¿Acabará la crisis de imagen de la Casa Real con la Monarquía?

En 2010, las encuestas del CIS reflejaban que la Monarquía era, junto a las Fuerzas Armadas, la institución mejor valorada en España. Sin embargo, sólo un año después, los españoles suspendimos a la Casa del Rey y, desde entonces, su imagen cae en picado, algo que se está convirtiendo en una cuestión de Estado. Algunos medios de comunicación y una considerable parte de la opinión pública ponen entredicho, incluso, la figura del Rey. Gran parte del problema radica en la mala imagen que la Casa Real está dando al gestionar algunos acontecimientos concretos. A saber: caso Urdangarin, imputación de la infanta, las cacerías del Rey…

Según Enrique Pascual, asesor de Comunicación, “la Casa Real ha pasado de ser una institución casi intocable a casi sustituible. Los medios han pasado de no hablar, o hablar bien por un pacto con los periodistas, a hablar de lo que les da la gana. Uno de los motivos de esto se encuentra en que los matrimonios de Urdangarin y Letizia Ortiz han acercado la Casa Real al pueblo”.

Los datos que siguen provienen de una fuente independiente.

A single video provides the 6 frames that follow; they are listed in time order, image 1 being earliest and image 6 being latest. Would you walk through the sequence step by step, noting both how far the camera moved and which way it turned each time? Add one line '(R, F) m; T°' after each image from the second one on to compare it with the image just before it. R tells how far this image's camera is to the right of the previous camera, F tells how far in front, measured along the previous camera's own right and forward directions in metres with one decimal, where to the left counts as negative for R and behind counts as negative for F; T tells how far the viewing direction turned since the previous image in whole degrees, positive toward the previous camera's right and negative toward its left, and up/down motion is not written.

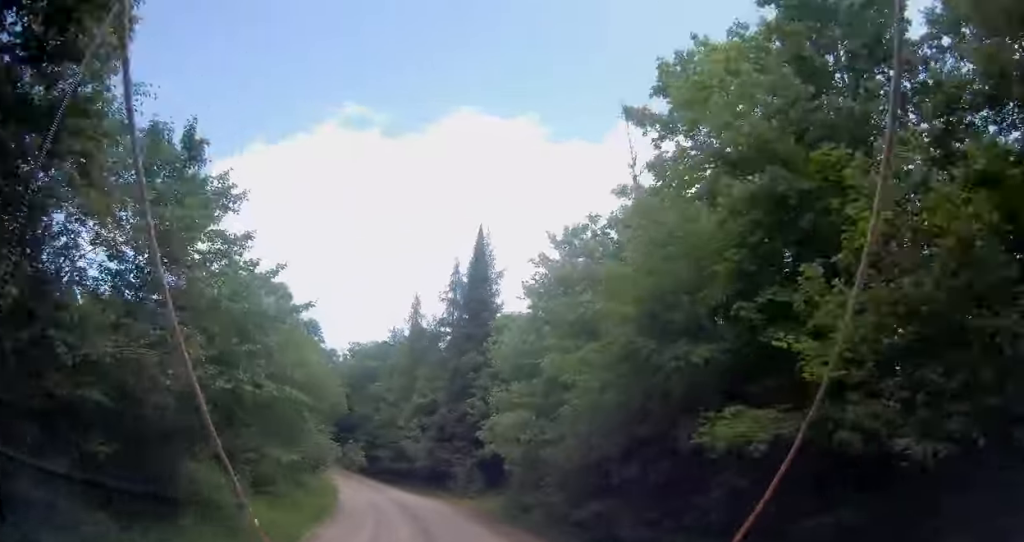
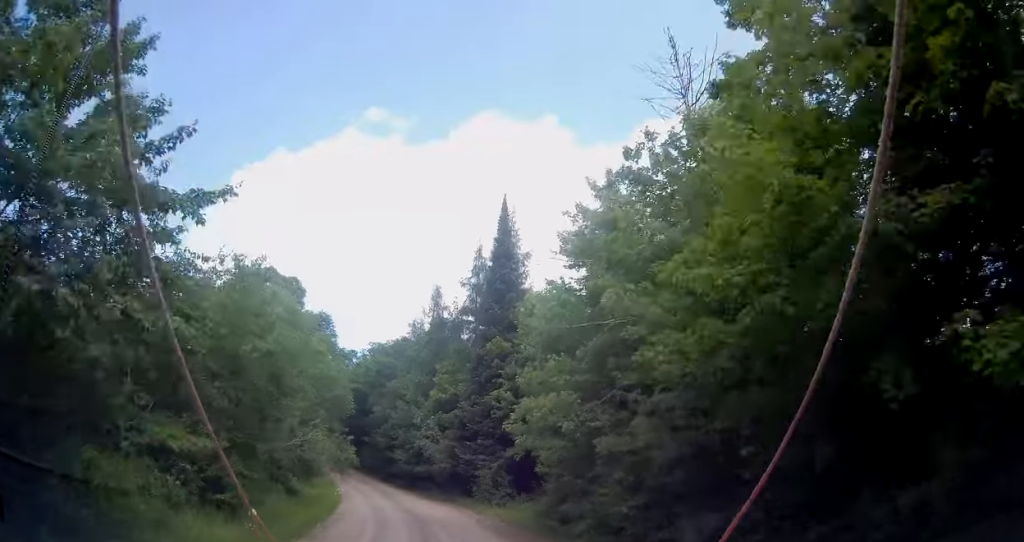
(-0.1, +5.1) m; -2°
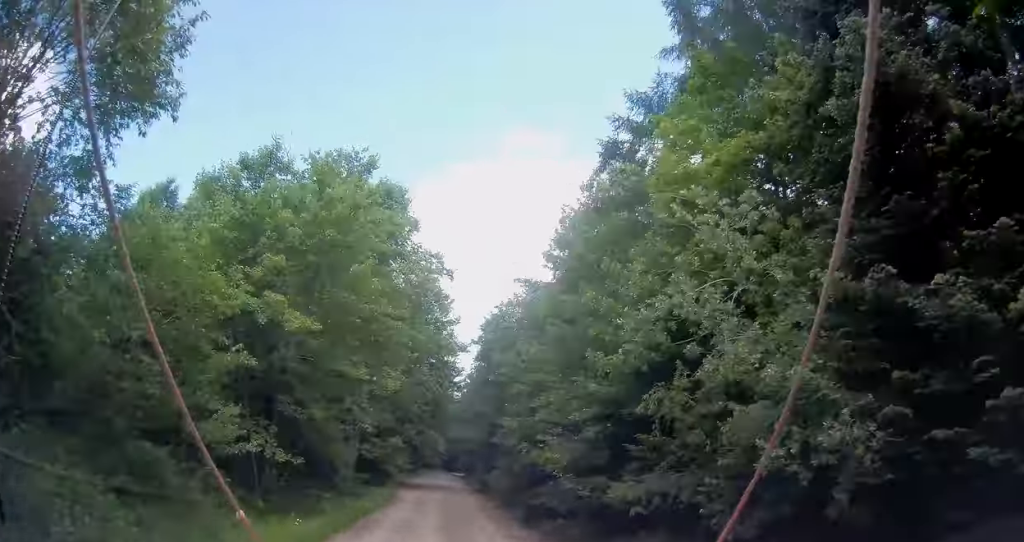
(-4.0, +30.4) m; -16°
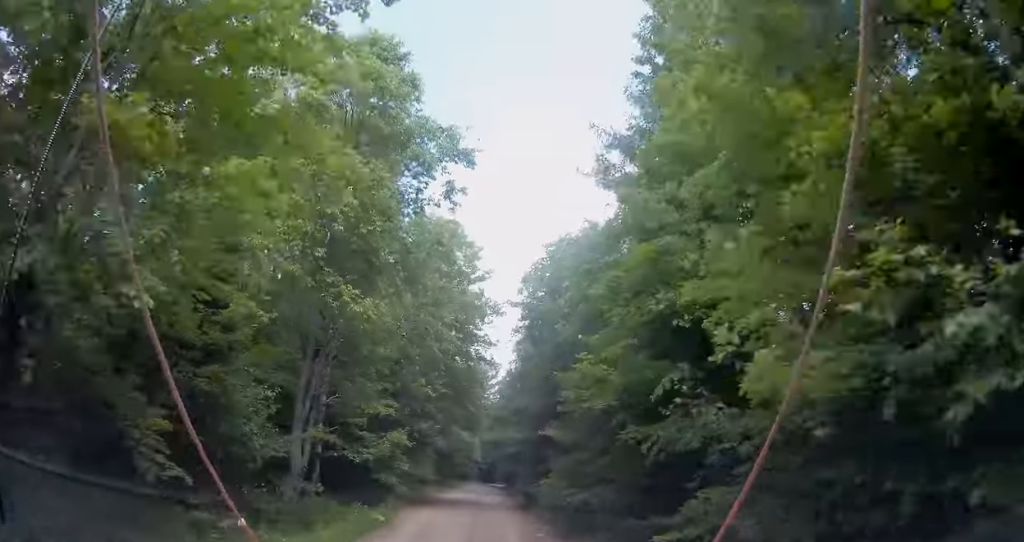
(-0.7, +11.5) m; -5°
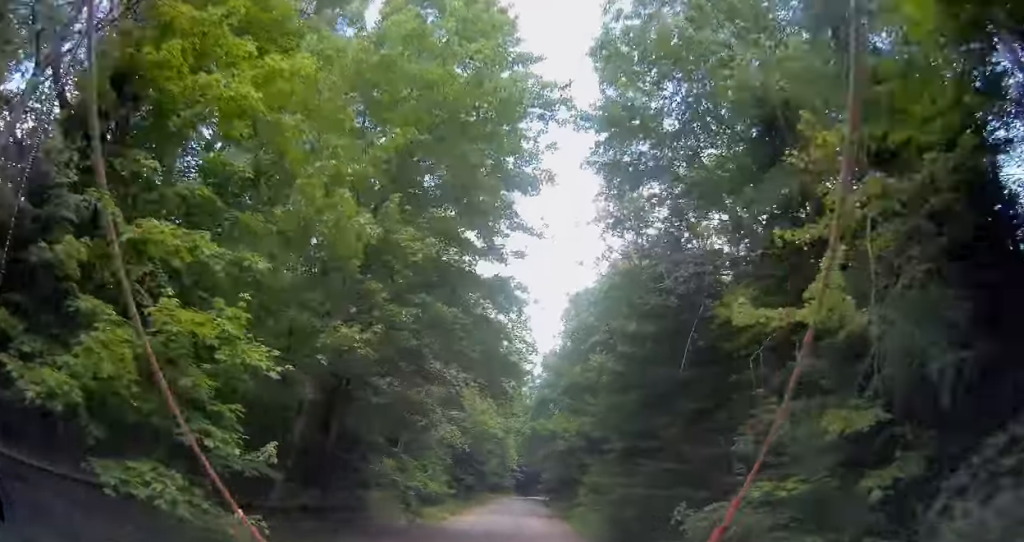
(-0.6, +17.8) m; -2°
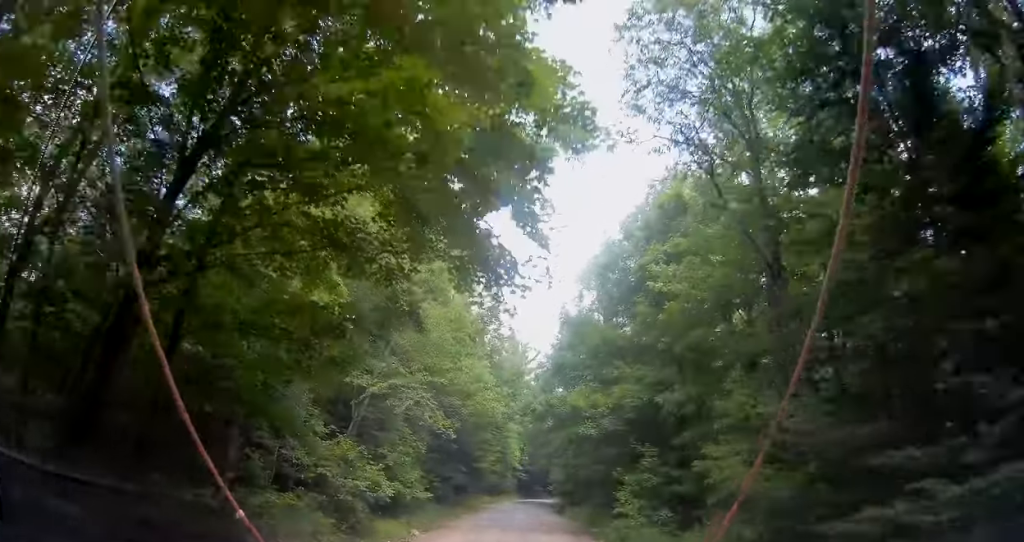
(+0.1, +10.6) m; 0°

Sea como fuere, durante años, una mayoría de españoles han visto a la Corona, y más especialmente al Rey, como esa institución que velaba por los intereses de todos, valedora de la democracia, precursora de la Transición, que mandó callar a Chávez saltándose el protocolo -gesto que, por cierto, aplaudimos una mayoría de españoles- y, sobre todo en los últimos años en los que se ha dejado campar a los nacionalistas vascos y catalanes a sus anchas, ha sido la figura central que aseguraba la unión de un país con cada vez más “realidades nacionales”. Pero esos tiempos, por desgracia para los Borbones, han pasado.

El Rey parece debilitado en su papel como defensor de las libertades. No es aquél que se enfrentó a Tejero y los demás golpistas el 23F; tampoco es esa figura clave de la Transición que convenció al mismo Carrillo a renunciar a la República; por no ser, ya no es, al menos internamente, el mejor “embajador” que España puede tener en el exterior que mueve ficha “desinteresada y campechanamente” por los empresarios españoles en el exterior.

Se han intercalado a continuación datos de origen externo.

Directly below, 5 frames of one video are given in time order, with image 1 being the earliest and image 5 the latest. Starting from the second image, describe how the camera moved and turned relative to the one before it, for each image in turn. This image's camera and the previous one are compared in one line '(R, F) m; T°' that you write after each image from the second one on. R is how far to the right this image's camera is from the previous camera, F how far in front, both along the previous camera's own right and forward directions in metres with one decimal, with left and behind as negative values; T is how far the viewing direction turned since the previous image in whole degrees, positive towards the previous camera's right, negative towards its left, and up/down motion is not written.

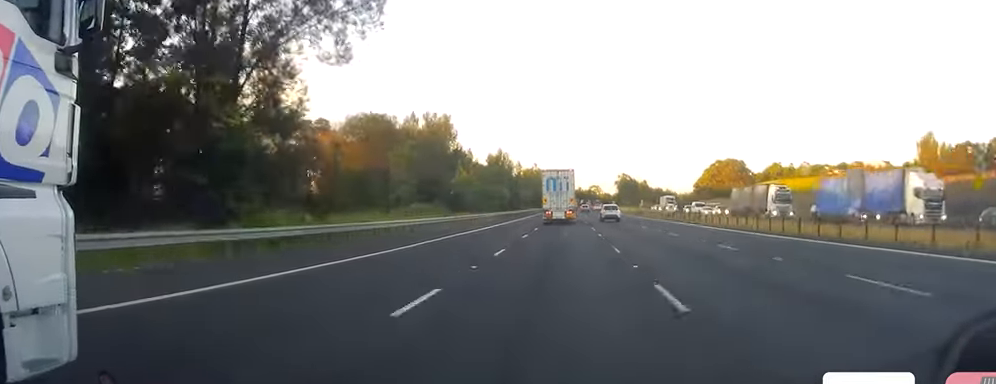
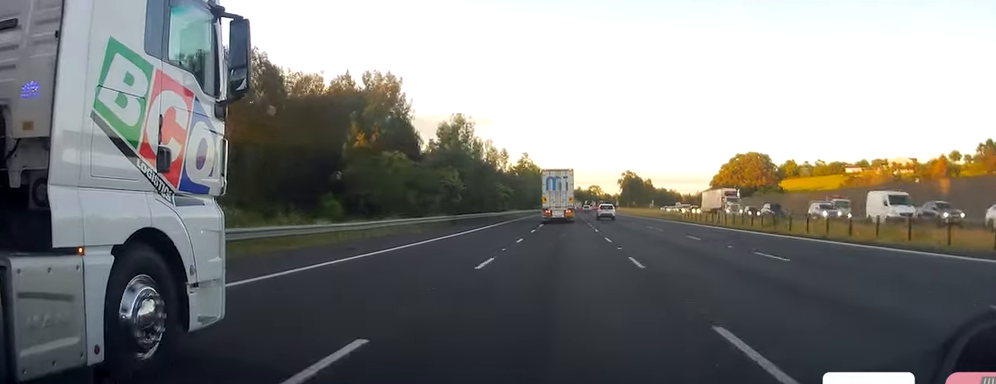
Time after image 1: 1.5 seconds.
(+0.1, +40.7) m; -1°
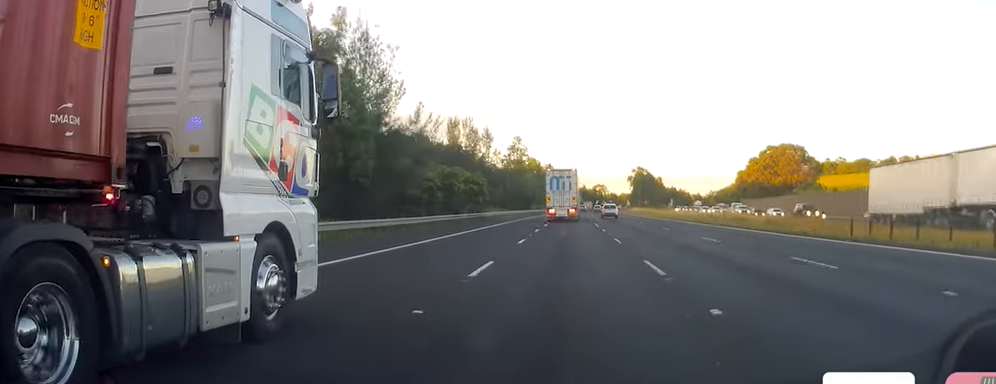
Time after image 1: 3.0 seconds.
(+0.2, +38.2) m; +1°
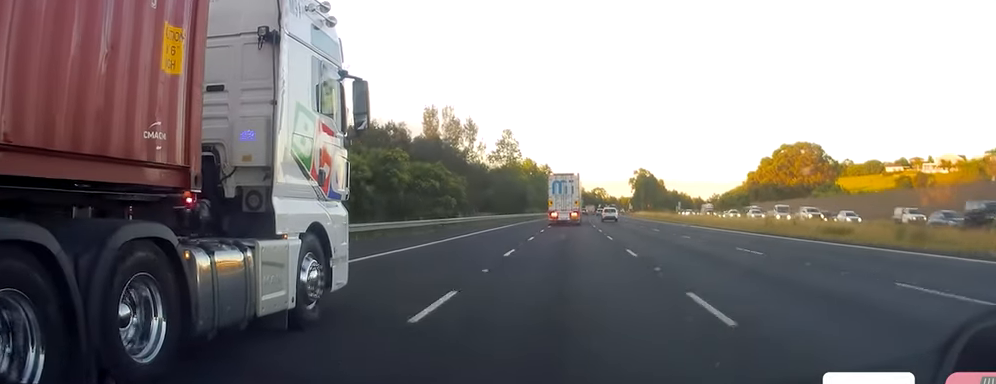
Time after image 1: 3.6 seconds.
(+0.3, +17.8) m; 0°
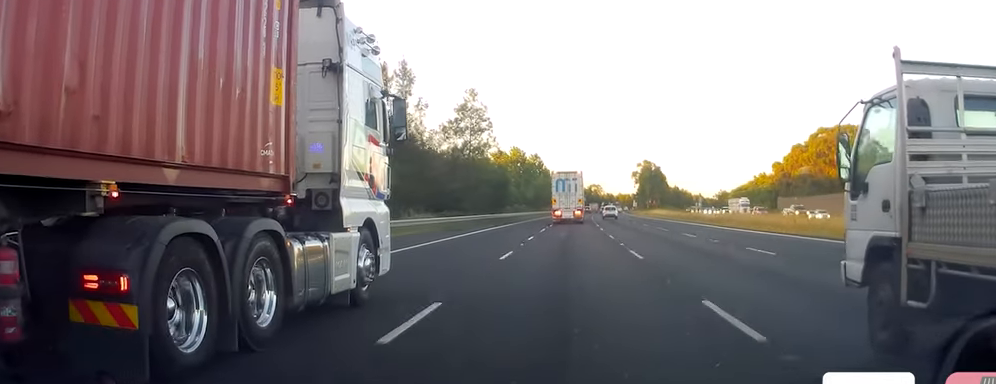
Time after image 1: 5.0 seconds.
(-1.1, +37.3) m; -1°

Don Juan Carlos es una figura acorralada, y no sólo porque su cadera, maltrecha tras una cacería en Botsuana, le impida desplazarse con agilidad y rapidez. Se le percibe como el cabeza visible de una familia corrupta (aunque sobre el papel sólo lo sea presuntamente), imputada por un juez y también por la opinión pública en general, que vela por sus propios intereses; se le percibe como un figura que tiene un doble rasero para juzgar las acciones de las personas en función de si tienen o no sangre azul. Incluso, ahora nos acordamos de que al Rey no lo elegimos nosotros, sino un dictador que, como cualquier otro, no pasará a la historia por sus valores democráticos.

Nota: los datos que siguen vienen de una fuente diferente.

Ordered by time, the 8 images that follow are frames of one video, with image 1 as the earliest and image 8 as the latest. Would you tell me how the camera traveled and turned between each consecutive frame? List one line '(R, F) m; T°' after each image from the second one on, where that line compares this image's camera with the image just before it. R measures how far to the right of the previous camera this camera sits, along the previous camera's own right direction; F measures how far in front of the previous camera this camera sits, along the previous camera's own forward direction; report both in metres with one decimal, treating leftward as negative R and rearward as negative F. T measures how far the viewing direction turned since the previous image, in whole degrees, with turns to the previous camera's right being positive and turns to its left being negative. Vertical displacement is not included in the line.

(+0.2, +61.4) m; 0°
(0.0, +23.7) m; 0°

Hemos buscado en Google “Casa Real”, y hemos encontrado que, tras la página oficial de la Casa del Rey, aparecen noticias de distintos medios que todos hablan de asuntos que “afean” la imagen de nuestra Monarquía, artículos de opinión, blogs y foros en los que se plantea la utilidad de la Monarquía, de una Monarquía descrita con muchos adjetivos y casi ninguno positivo. Esas noticias no hacen más que multiplicar la sensación de hastío hacia la institución y diluyen todos los esfuerzos que se están haciendo desde Zarzuela para limpiar esta maltrecha imagen y conseguir ganarse al pueblo de nuevo.

Si alguien hace la búsqueda de la que hablaba antes, tardará un poco en encontrar, por ejemplo, algún enfoque positivo del hecho de que la Casa Real vaya a estar dentro de la futura Ley de Transparencia, o alguna en la que se recoja que el Rey y la institución monárquica han defendido siempre que “la justicia es igual para todos”, y ni qué decir tiene, alguien alabando la entrevista que le concedió el Rey a Jesús Hermida a principios de año. Sin embargo, encontrarán mucho antes cualquier resquicio de Nóos, de princesas alemanas, de cacerías que ocurrieron hace un año, incluso del jefe de prensa de Casa Real, que pagó 116.000 euros al Instituto del yernísimo por un informe cuando trabajaba para BBVA (es decir, antes de ostentar el puesto que ahora tiene, que es efectivamente el de jefe de prensa de la Casa del Rey). Curioso, ¿no?

¿Supone esta crisis de imagen y de incomunicación un peligro para la continuidad de la Corona? ¿Debería la Monarquía española hacer un lavado de cara serio y contratar a una agencia de comunicación, como hacen tantas empresas cuando ocurre una crisis gorda, si no quieren caer en bancarrota? ¿Es esto el principio del fin de la Jefatura del Estado? Sólo el tiempo lo dirá…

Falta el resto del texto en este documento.